-- DATA SHOWN follows --

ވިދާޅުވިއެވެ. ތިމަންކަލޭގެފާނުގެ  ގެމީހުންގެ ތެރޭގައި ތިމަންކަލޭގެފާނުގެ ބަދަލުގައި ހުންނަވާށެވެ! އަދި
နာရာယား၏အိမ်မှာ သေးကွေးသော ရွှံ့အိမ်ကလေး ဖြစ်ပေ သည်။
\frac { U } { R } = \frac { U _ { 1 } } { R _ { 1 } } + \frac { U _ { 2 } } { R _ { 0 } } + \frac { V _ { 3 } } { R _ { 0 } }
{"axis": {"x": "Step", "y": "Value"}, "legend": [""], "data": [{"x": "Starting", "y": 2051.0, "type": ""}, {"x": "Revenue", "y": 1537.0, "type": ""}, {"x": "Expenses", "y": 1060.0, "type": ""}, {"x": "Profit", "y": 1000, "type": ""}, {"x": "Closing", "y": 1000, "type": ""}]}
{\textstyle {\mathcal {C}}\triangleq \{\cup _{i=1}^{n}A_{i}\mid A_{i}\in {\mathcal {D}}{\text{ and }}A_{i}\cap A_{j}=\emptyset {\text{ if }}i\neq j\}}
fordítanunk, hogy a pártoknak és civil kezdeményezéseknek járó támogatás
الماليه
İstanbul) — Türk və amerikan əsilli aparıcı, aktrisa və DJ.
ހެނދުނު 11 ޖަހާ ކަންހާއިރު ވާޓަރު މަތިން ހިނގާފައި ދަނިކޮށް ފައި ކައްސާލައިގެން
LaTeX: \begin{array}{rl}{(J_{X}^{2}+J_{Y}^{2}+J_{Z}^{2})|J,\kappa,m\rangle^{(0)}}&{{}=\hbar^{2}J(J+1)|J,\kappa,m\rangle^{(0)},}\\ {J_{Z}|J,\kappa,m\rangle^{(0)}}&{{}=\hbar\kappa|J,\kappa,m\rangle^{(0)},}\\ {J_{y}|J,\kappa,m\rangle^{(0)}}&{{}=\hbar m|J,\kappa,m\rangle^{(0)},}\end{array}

-- DATA SHOWN concluded --

* _TASK INSTRUCTIONS_: Return every record above exactly, line by line.

* _ANSWER SECTION_:
ވިދާޅުވިއެވެ. ތިމަންކަލޭގެފާނުގެ  ގެމީހުންގެ ތެރޭގައި ތިމަންކަލޭގެފާނުގެ ބަދަލުގައި ހުންނަވާށެވެ! އަދި
နာရာယား၏အိမ်မှာ သေးကွေးသော ရွှံ့အိမ်ကလေး ဖြစ်ပေ သည်။
\frac { U } { R } = \frac { U _ { 1 } } { R _ { 1 } } + \frac { U _ { 2 } } { R _ { 0 } } + \frac { V _ { 3 } } { R _ { 0 } }
{"axis": {"x": "Step", "y": "Value"}, "legend": [""], "data": [{"x": "Starting", "y": 2051.0, "type": ""}, {"x": "Revenue", "y": 1537.0, "type": ""}, {"x": "Expenses", "y": 1060.0, "type": ""}, {"x": "Profit", "y": 1000, "type": ""}, {"x": "Closing", "y": 1000, "type": ""}]}
{\textstyle {\mathcal {C}}\triangleq \{\cup _{i=1}^{n}A_{i}\mid A_{i}\in {\mathcal {D}}{\text{ and }}A_{i}\cap A_{j}=\emptyset {\text{ if }}i\neq j\}}
fordítanunk, hogy a pártoknak és civil kezdeményezéseknek járó támogatás
الماليه
İstanbul) — Türk və amerikan əsilli aparıcı, aktrisa və DJ.
ހެނދުނު 11 ޖަހާ ކަންހާއިރު ވާޓަރު މަތިން ހިނގާފައި ދަނިކޮށް ފައި ކައްސާލައިގެން
LaTeX: \begin{array}{rl}{(J_{X}^{2}+J_{Y}^{2}+J_{Z}^{2})|J,\kappa,m\rangle^{(0)}}&{{}=\hbar^{2}J(J+1)|J,\kappa,m\rangle^{(0)},}\\ {J_{Z}|J,\kappa,m\rangle^{(0)}}&{{}=\hbar\kappa|J,\kappa,m\rangle^{(0)},}\\ {J_{y}|J,\kappa,m\rangle^{(0)}}&{{}=\hbar m|J,\kappa,m\rangle^{(0)},}\end{array}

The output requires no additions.